Nel frattempo, c’è stata una evoluzione anche dei cereali, evoluzione naturale ed evoluzione cercata dall’Uomo. E’ cambiata la materia prima, ed è cambiata profondamente. Si è passati dai primi cereali dell’Antico Egitto, diploidi (cioè con due filamenti di DNA) ai cereali a cui appartiene ad esempio il grano duro (tetraploide, quattro filamenti di DNA), presente in Nord Africa, fino al grano tenero moderno che è un esaploide (non scrivo sei filamenti di DNA, tanto lo avete capito) che è l’ultima mutazione naturale dei nostri amati cereali. L’Uomo è poi intervenuto con selezioni più o meno “naturali” per migliorare alcuni aspetti delle colture, ma questo è un altro discorso.
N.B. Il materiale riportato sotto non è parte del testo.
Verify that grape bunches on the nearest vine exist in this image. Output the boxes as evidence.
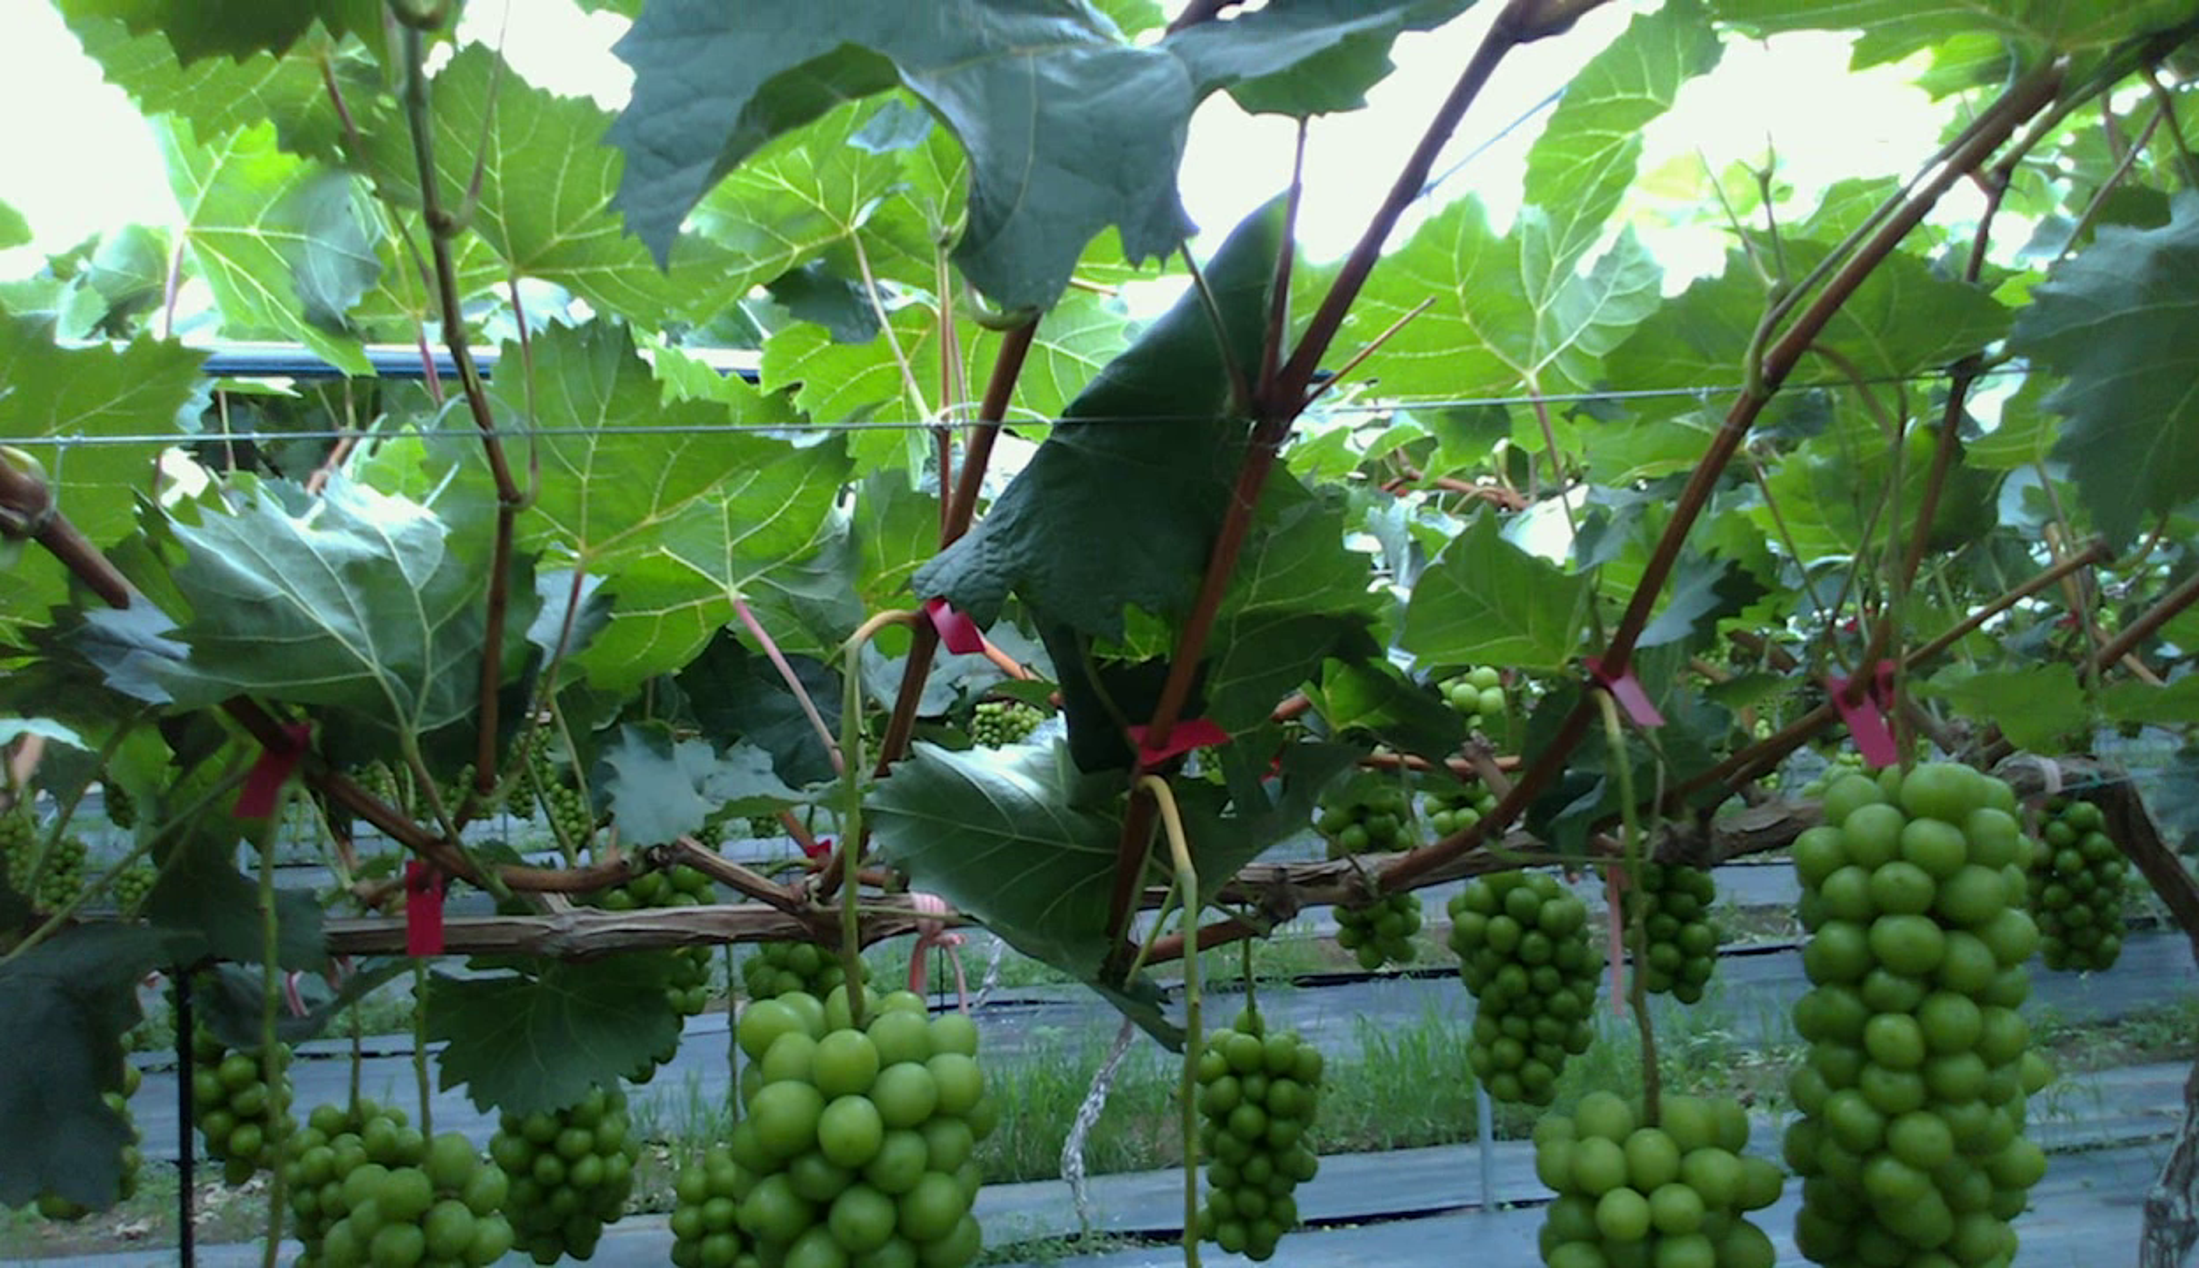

Il vero passaggio è stato dal grano duro a quello tenero. Il grano duro è, infatti, di consistenza vetrosa di tutto il cariosside (cioè, il chicco), mentre il grano tenero ha un cariosside strutturato che contiene al suo interno una sacca con l’endosperma, che è ciò che la moderna tecnica molitoria estrae come farina, che è anche molto più semplice da lavorare in panificazione.

Poi, ci sono stati dei fattori di diffusione locali più o meno voluti dall’Uomo, cito per tutti ad esempio i molti che oggi parlano del grano Senatore Cappelli e non sanno che deve il suo nome al senatore dell’epoca del Duce che, tra il 1925 ed il 1927, dette questo grano duro tunisino ai braccianti del Sud dell’Italia a condizioni agevolate per rilanciare l’economia del Primo Dopoguerra.

Le caratteristiche dei vari tipi di grano e di cereali sono decisamente cambiate con il tempo. Non c’è più paragone tra un farro piccolo ed un farro spelta, per dire un altro cereale evoluto da diploide a esaploide, in termini di gusto, di resa, di lavorabilità.

Ora, invece, si assiste quasi ad una spasmodica rincorsa verso i “sapori antichi” come se, e chissà perché, debbano a tutti i costi essere migliori dei sapori attuali.

Beh, vorrei dire, ma chi l’ha detto? Avete per caso sottomano un nonnetto di 2.000 anni che ci dica se il pane e la birra di allora erano meglio? No. Usiamo le stesse tecniche di lavorazione dei cereali antichi per tirare fuori gli stessi prodotti di allora? No. Quindi, che cosa stiamo facendo? Marketing, soprattutto.

Non c’è discorso su questo, perché oggi il nostro top dei prodotti è senz’altro superiore a quello di 2.000 anni fa, da qualsiasi punto di vista. La Natura si evolve, noi ci siamo evoluti, non possiamo neanche pensare che secoli di sviluppo umano possano essere stati del tutto inutili. Possono essere cambiati i gusti, questo sì, però un riscontro certo ce l’abbiamo: si vive di più, e sappiamo che questo dipende anche dall’alimentazione.

Quindi, l’azienda alimentare moderna deve impegnarsi a fornire oggi il massimo della salubrità e del gusto in quello che produce, a partire dalle farine e da tutte le altre materie prime attuali. Questo è un impegno che molti si stanno prendendo, ognuno secondo la propria coscienza.

Siamo qui per evolverci, non per tornare indietro.